Der Januar markierte den zweiten Monat in Folge mit Verbesserungen, und das Land hofft auf einen besseren Start ins Jahr 2026. Im Januar 2025 begann ein Achterbahnjahr mit einem Rückgang, dem ersten von sechs monatlichen Volumenrückgängen im Zwölfmonatszeitraum.

Sollte sich der Februar als positiv erweisen, wäre dies die erste Periode von drei oder mehr aufeinanderfolgenden Wachstumsmonaten seit August 2022 und Juli 2024. Dies unterstreicht die uneinheitliche Entwicklung des Marktes seit August 2024.
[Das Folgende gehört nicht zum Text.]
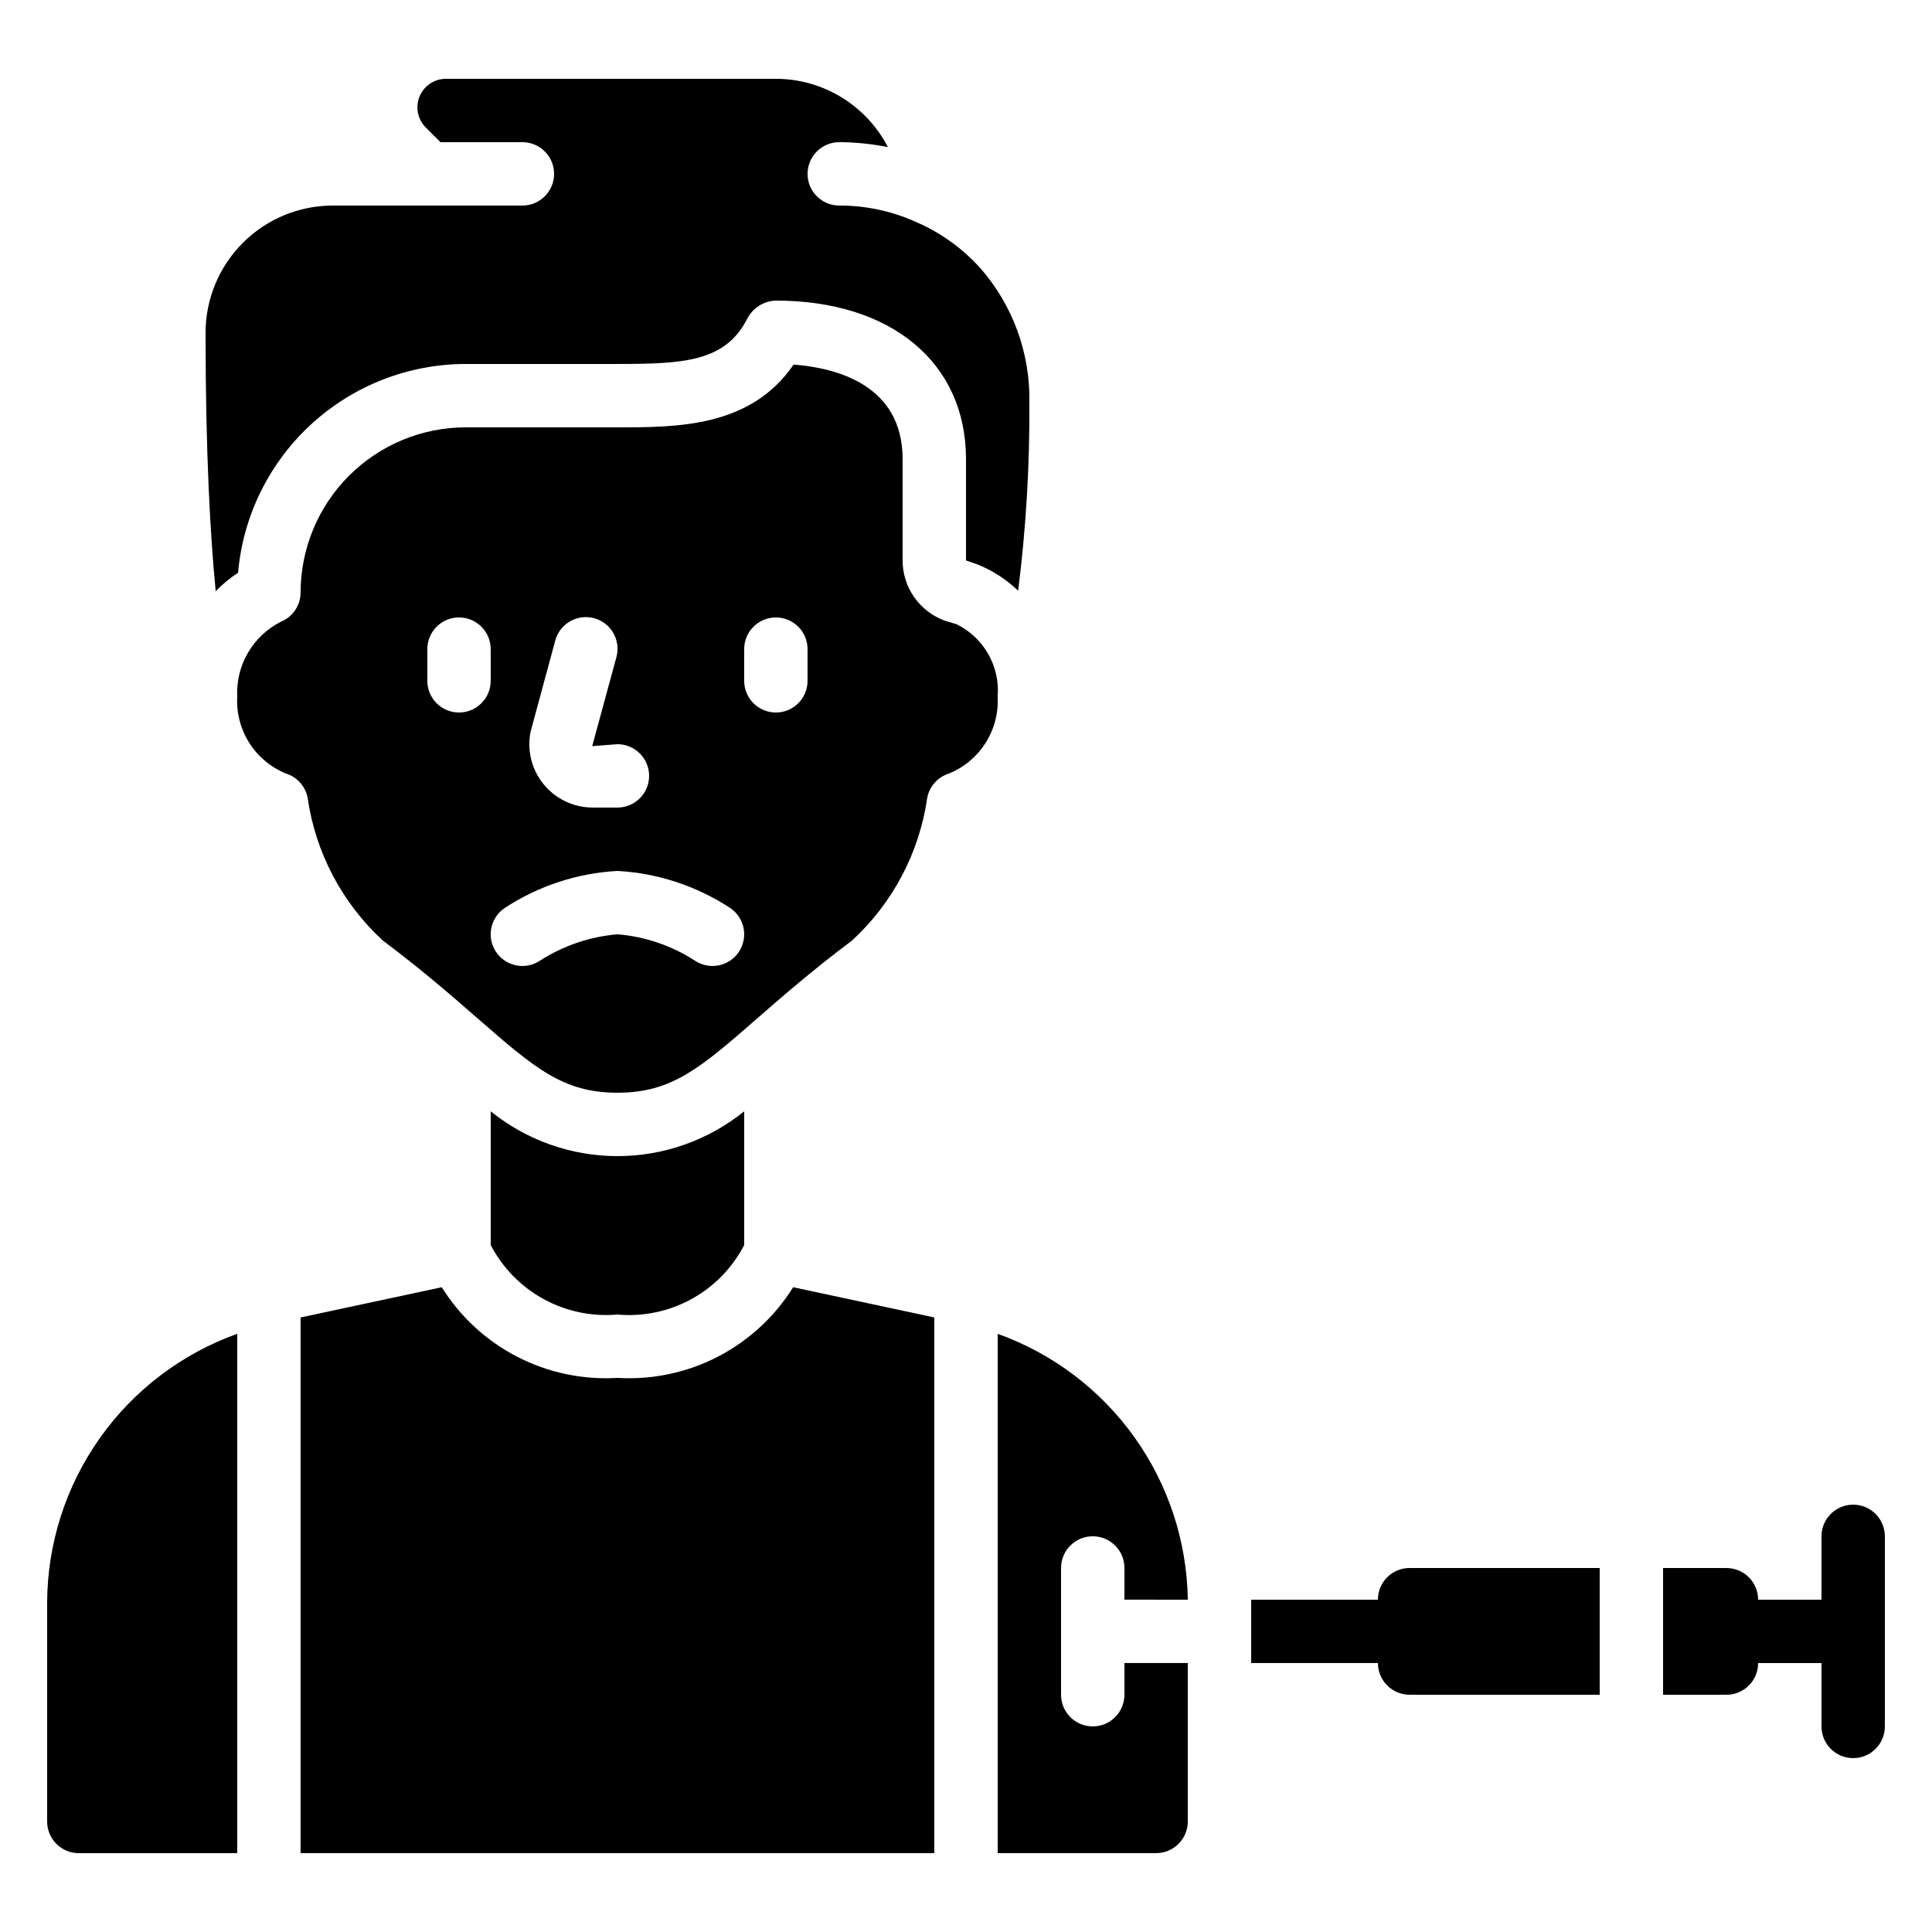 <?xml version="1.0" encoding="UTF-8"?>
<!-- Uploaded to: ICON Repo, www.svgrepo.com, Generator: ICON Repo Mixer Tools -->
<svg fill="#000000" width="800px" height="800px" version="1.1" viewBox="144 144 512 512" xmlns="http://www.w3.org/2000/svg">
 <g>
  <path d="m341.22 473.96v-35.449c-9.512 7.68-21.363 11.871-33.59 11.871-12.223 0-24.078-4.191-33.586-11.871v35.434c3.144 6.051 8.016 11.035 13.992 14.312 5.981 3.281 12.801 4.711 19.594 4.109 6.793 0.613 13.617-0.809 19.598-4.086s10.852-8.266 13.992-14.32z"/>
  <path d="m261.07 485.13-37.41 8.012v141.96h167.94v-141.96l-37.406-8.012c-4.883 7.824-11.781 14.188-19.977 18.418-8.195 4.227-17.379 6.164-26.586 5.606-9.203 0.559-18.387-1.379-26.582-5.606-8.195-4.231-15.098-10.594-19.977-18.418z"/>
  <path d="m395.55 348.97c3.984-1.645 7.363-4.484 9.66-8.129 2.301-3.644 3.41-7.914 3.18-12.219 0.324-3.93-0.543-7.863-2.492-11.289-1.945-3.43-4.883-6.188-8.422-7.922l-2.988-0.891h-0.004c-3.324-1.184-6.199-3.379-8.223-6.273s-3.094-6.352-3.062-9.883v-26.719c0-19.699-17.633-24.176-28.895-25.023-11.367 16.629-30.805 16.629-46.676 16.629h-40.219c-11.602 0.012-22.719 4.625-30.922 12.828-8.199 8.199-12.812 19.32-12.828 30.918 0 3.43-2.082 6.512-5.266 7.793-3.629 1.844-6.644 4.695-8.691 8.215-2.047 3.516-3.031 7.551-2.836 11.617-0.23 4.305 0.879 8.574 3.18 12.219s5.676 6.484 9.66 8.129c2.984 0.898 5.227 3.379 5.816 6.438 2.09 14.551 9.145 27.93 19.969 37.871 10.344 7.758 18.195 14.594 25.113 20.633 15.043 13.105 22.574 19.672 37.023 19.672 14.449 0 21.984-6.566 36.996-19.656 6.918-6.039 14.77-12.871 25.141-20.648 10.824-9.941 17.879-23.32 19.969-37.871 0.594-3.059 2.832-5.539 5.816-6.438zm-110.94-11.051 6.516-24.09c0.562-2.172 1.973-4.031 3.914-5.156 1.938-1.125 4.25-1.43 6.414-0.84 2.168 0.586 4.008 2.016 5.109 3.969 1.105 1.953 1.383 4.266 0.77 6.426l-6.391 23.512 6.684-0.52c4.637 0 8.398 3.758 8.398 8.395 0 4.637-3.762 8.398-8.398 8.398h-6.551c-5.031 0-9.797-2.258-12.988-6.152-3.188-3.891-4.465-9.008-3.477-13.941zm-10.57-13.496c0 4.641-3.762 8.398-8.398 8.398-4.637 0-8.395-3.758-8.395-8.398v-8.395c0-4.637 3.758-8.398 8.395-8.398 4.637 0 8.398 3.762 8.398 8.398zm65.766 71.836h-0.004c-2.57 3.852-7.769 4.894-11.629 2.336-6.164-3.996-13.223-6.402-20.547-6.996-7.309 0.617-14.359 3.016-20.531 6.984-1.852 1.238-4.121 1.688-6.305 1.25-2.184-0.434-4.106-1.723-5.34-3.574-2.574-3.859-1.531-9.074 2.324-11.645 8.914-5.844 19.211-9.227 29.852-9.809 10.641 0.582 20.938 3.965 29.852 9.809 1.852 1.234 3.141 3.156 3.574 5.34 0.438 2.184-0.012 4.453-1.25 6.305zm18.203-71.836c0 4.641-3.762 8.398-8.398 8.398-4.637 0-8.395-3.758-8.395-8.398v-8.395c0-4.637 3.758-8.398 8.395-8.398 4.637 0 8.398 3.762 8.398 8.398z"/>
  <path d="m509.16 567.93h-33.586v16.793h33.586v0.004c0 2.227 0.887 4.359 2.461 5.938 1.574 1.574 3.711 2.457 5.938 2.457h50.383l-0.004-33.586h-50.379c-4.637 0-8.398 3.758-8.398 8.395z"/>
  <path d="m458.78 567.93c-0.23-15.473-5.176-30.512-14.18-43.098-9-12.59-21.633-22.133-36.203-27.352v137.62h41.984c2.227 0 4.363-0.883 5.938-2.461 1.574-1.574 2.461-3.707 2.461-5.938v-41.98h-16.793v8.398-0.004c0 4.637-3.762 8.398-8.398 8.398-4.637 0-8.398-3.762-8.398-8.398v-33.586c0-4.637 3.762-8.398 8.398-8.398 4.637 0 8.398 3.762 8.398 8.398v8.398z"/>
  <path d="m206.87 635.11v-137.64c-14.688 5.258-27.402 14.906-36.414 27.641s-13.891 27.93-13.965 43.531v58.07c0 2.231 0.883 4.363 2.457 5.938 1.574 1.578 3.711 2.461 5.938 2.461z"/>
  <path d="m207.09 295.79c1.32-15.094 8.246-29.145 19.414-39.383 11.164-10.242 25.758-15.934 40.91-15.953h40.219c17.449 0 28.492-0.578 34.316-11.848h0.004c1.438-2.941 4.391-4.848 7.664-4.945 30.598 0 50.383 16.484 50.383 41.984v26.871l3.082 1.082c3.988 1.609 7.633 3.965 10.738 6.945 2.094-16.574 3.086-33.266 2.973-49.969 0.234-13.027-4.387-25.672-12.965-35.477-4.453-4.953-9.863-8.953-15.902-11.758h-0.062c-6.691-3.219-14.023-4.883-21.453-4.867-4.637 0-8.395-3.762-8.395-8.398s3.758-8.398 8.395-8.398c4.332 0.02 8.652 0.461 12.898 1.312-2.82-5.445-7.078-10.012-12.312-13.207-5.234-3.191-11.246-4.887-17.379-4.898h-87.438c-3.055 0-5.812 1.844-6.984 4.668-1.168 2.828-0.52 6.078 1.645 8.238l3.891 3.887h21.711c4.641 0 8.398 3.762 8.398 8.398s-3.758 8.398-8.398 8.398h-50.379c-8.91 0.039-17.445 3.606-23.738 9.914-6.289 6.309-9.832 14.852-9.848 23.766 0 32.16 1.27 54.051 2.688 68.527l-0.004-0.004c1.785-1.848 3.773-3.488 5.93-4.887z"/>
  <path d="m635.11 542.75c-4.637 0-8.398 3.758-8.398 8.395v16.793h-16.793c0-2.227-0.883-4.359-2.457-5.938-1.574-1.574-3.711-2.457-5.938-2.457h-16.793v33.586h16.793c2.227 0 4.363-0.883 5.938-2.457 1.574-1.578 2.457-3.711 2.457-5.938h16.793v16.793c0 4.637 3.762 8.395 8.398 8.395s8.398-3.758 8.398-8.395v-50.383c0-2.227-0.887-4.363-2.461-5.938s-3.711-2.457-5.938-2.457z"/>
 </g>
</svg>

Für das Jahr 2026 ist das SMMT jedoch optimistisch. Die britische Automobilbehörde hat ihre Prognose vom Oktober 2025 revidiert und prognostiziert für das Jahr einen Anstieg der Volumina um 1,4 %. Dies würde die Auslieferung von 2,048 Millionen Einheiten bedeuten.

Einige Antriebsstränge mussten jedoch mit starken Ergebnissen vom Januar 2025 rechnen, was für den Beginn des Jahres 2026 ein herausforderndes Bild ergibt.

Einflüsse auf BEVs

Der britische BEV-Markt geriet letzten Monat ins Stocken, da sich außergewöhnliche Umstände auf die Zahlen auswirkten. Mit 29.654 Anmeldungen stiegen die Volumina lediglich um 0,1 %. Dies bedeutete, dass im Vergleich zum Januar 2025 20 weitere vollelektrische Einheiten auf die Straßen Großbritanniens gebracht wurden.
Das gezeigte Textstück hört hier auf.